What the task requires
Your answer should be every line of the records that contains the word "Topology".

(Records from a data collection)
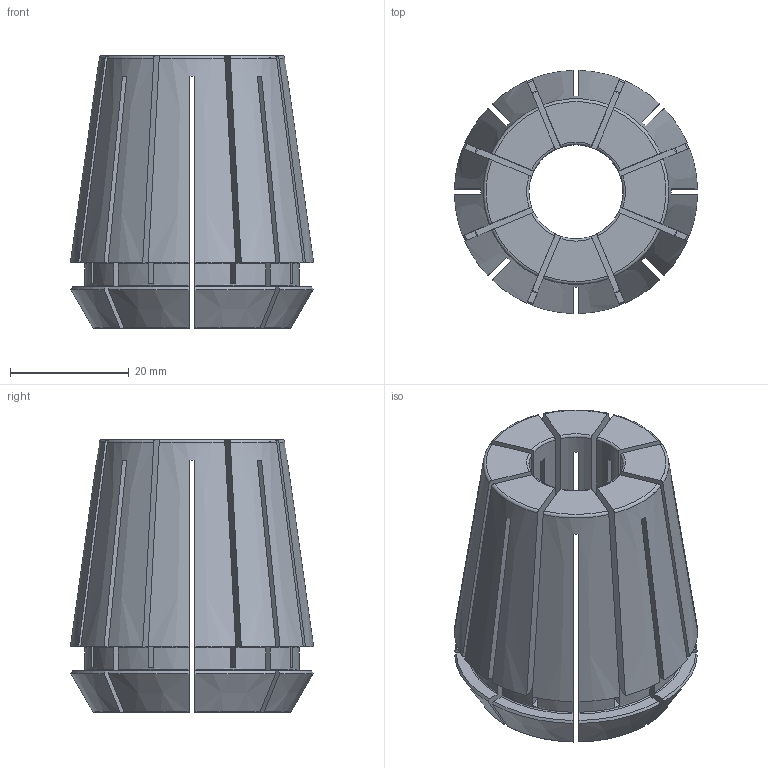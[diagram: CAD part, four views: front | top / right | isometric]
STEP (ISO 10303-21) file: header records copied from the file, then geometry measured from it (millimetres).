
FILE_DESCRIPTION(/* description */ (''),/* implementation_level */ '2;1');
FILE_NAME(/* name */ '114015883.stp',/* time_stamp */ '2021-01-08T13:01:16',/* author */ ('LRA'),/* organization */ ('REGO-FIX'),/* preprocessor_version */ ' Unknown',/* originating_system */ 'SIEMENS PLM Software Solid Edge ST10',/* authorization */ 'Unknown');
FILE_SCHEMA (('AUTOMOTIVE_DESIGN { 1 0 10303 214 2 1 1}'));
Length unit declared in the file: millimetre
Products named in the file (1): NOCUT
Bounding box: 40.99 x 40.99 x 46 mm (x, y, z)
Volume: 32077.6 mm3; surface area: 21401 mm2
Topology: 1 solids, 1 shells, 177 faces, 530 edges, 353 vertices
Faces by surface type: plane 88, torus 56, cone 24, cylinder 9
Full cylindrical faces by diameter (mm): 15.875 x1
Entity records: 6278 total; most frequent: CARTESIAN_POINT 1613, ORIENTED_EDGE 1056, DIRECTION 906, EDGE_CURVE 528, AXIS2_PLACEMENT_3D 357, VERTEX_POINT 352, LINE 192, VECTOR 192
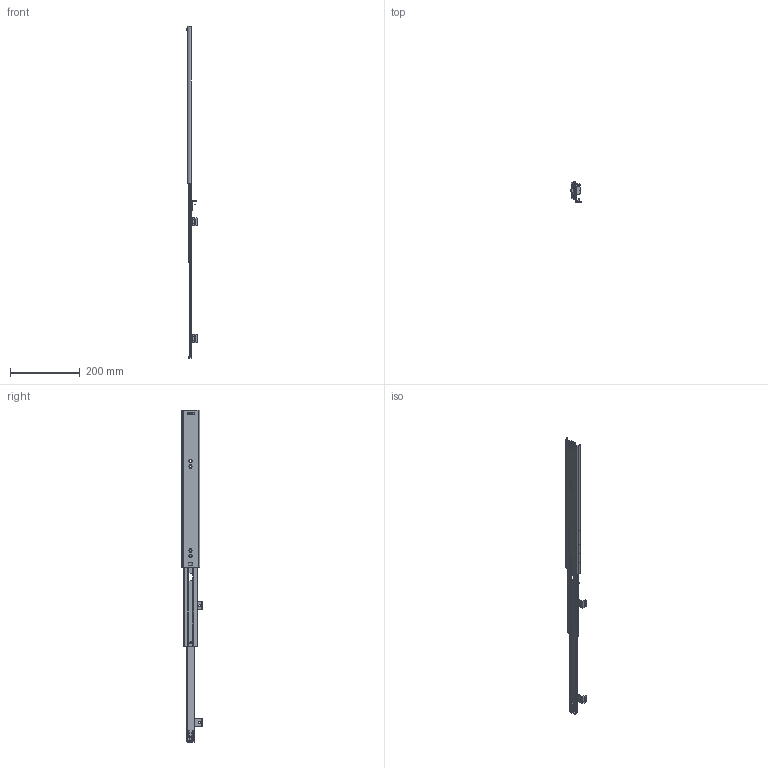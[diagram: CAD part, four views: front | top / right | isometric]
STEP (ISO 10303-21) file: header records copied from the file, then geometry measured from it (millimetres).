
FILE_DESCRIPTION(/* description */ ('Überauszug Serie 036 450x500 rechts'),/* implementation_level */ '2;1');
FILE_NAME(/* name */ '07000060008.stp',/* time_stamp */ '2020-07-02T09:52:18+02:00',/* author */ ('Dennis Bruder'),/* organization */ (''),/* preprocessor_version */ 'ST-DEVELOPER v18',/* originating_system */ 'Autodesk Inventor 2020',/* authorisation */ '');
FILE_SCHEMA (('AUTOMOTIVE_DESIGN { 1 0 10303 214 3 1 1 }'));
Products named in the file (1): 07000060008
Bounding box: 29.5 x 60.25 x 950 mm (x, y, z)
Volume: 138174.6 mm3; surface area: 205211.6 mm2
Topology: 64 solids, 64 shells, 3025 faces, 8912 edges, 5859 vertices
Faces by surface type: plane 1347, cylinder 766, cone 396, bspline 248, torus 210, sphere 58
Full cylindrical faces by diameter (mm): 1 x8, 1.5 x2, 2.3 x2, 3.5 x2, 4 x2, 4.1 x9, 4.5 x6, 4.6 x7, 5 x6, 5.5 x1, 5.9 x3, 6 x6, 8 x3, 8.2 x1
Entity records: 119820 total; most frequent: CARTESIAN_POINT 39929, ORIENTED_EDGE 17608, DIRECTION 14455, EDGE_CURVE 8804, VERTEX_POINT 5859, AXIS2_PLACEMENT_3D 5129, LINE 4197, VECTOR 4197
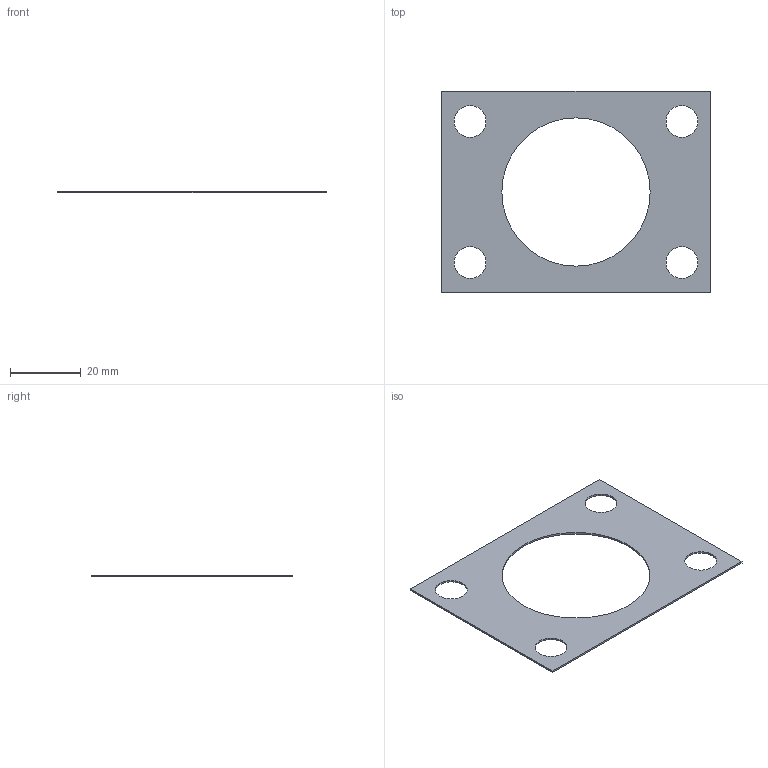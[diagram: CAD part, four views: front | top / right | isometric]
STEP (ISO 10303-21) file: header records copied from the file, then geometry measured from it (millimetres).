
FILE_DESCRIPTION(/* description */ ('STEP AP242','CAx-IF Rec.Pracs.---Representation and Presentation of Product Manufacturing Information (PMI)---4.0---2014-10-13','CAx-IF Rec.Pracs.---3D Tessellated Geometry---0.4---2014-09-14','2;1'),/* implementation_level */ '2;1');
FILE_NAME(/* name */ '62bdb9c878859f42f54c672a',/* time_stamp */ '2022-06-30T14:57:12+00:00',/* author */ (''),/* organization */ (''),/* preprocessor_version */ 'ST-DEVELOPER v18.102',/* originating_system */ ' ',/* authorisation */ ' ');
FILE_SCHEMA (('AP242_MANAGED_MODEL_BASED_3D_ENGINEERING_MIM_LF { 1 0 10303 442 1 1 4 }'));
Length unit declared in the file: metre
Products named in the file (1): DSCP093-M050
Bounding box: 76 x 57 x 0.5 mm (x, y, z)
Volume: 1346 mm3; surface area: 5639.7 mm2
Topology: 1 solids, 1 shells, 11 faces, 27 edges, 18 vertices
Faces by surface type: plane 6, cylinder 5
Full cylindrical faces by diameter (mm): 9 x4, 42 x1
Entity records: 348 total; most frequent: DIRECTION 56, CARTESIAN_POINT 52, ORIENTED_EDGE 44, EDGE_LOOP 26, FACE_BOUND 26, EDGE_CURVE 22, AXIS2_PLACEMENT_3D 22, VERTEX_POINT 18

Response below
Topology: 1 solids, 1 shells, 177 faces, 530 edges, 353 vertices
Topology: 64 solids, 64 shells, 3025 faces, 8912 edges, 5859 vertices
Topology: 1 solids, 1 shells, 11 faces, 27 edges, 18 vertices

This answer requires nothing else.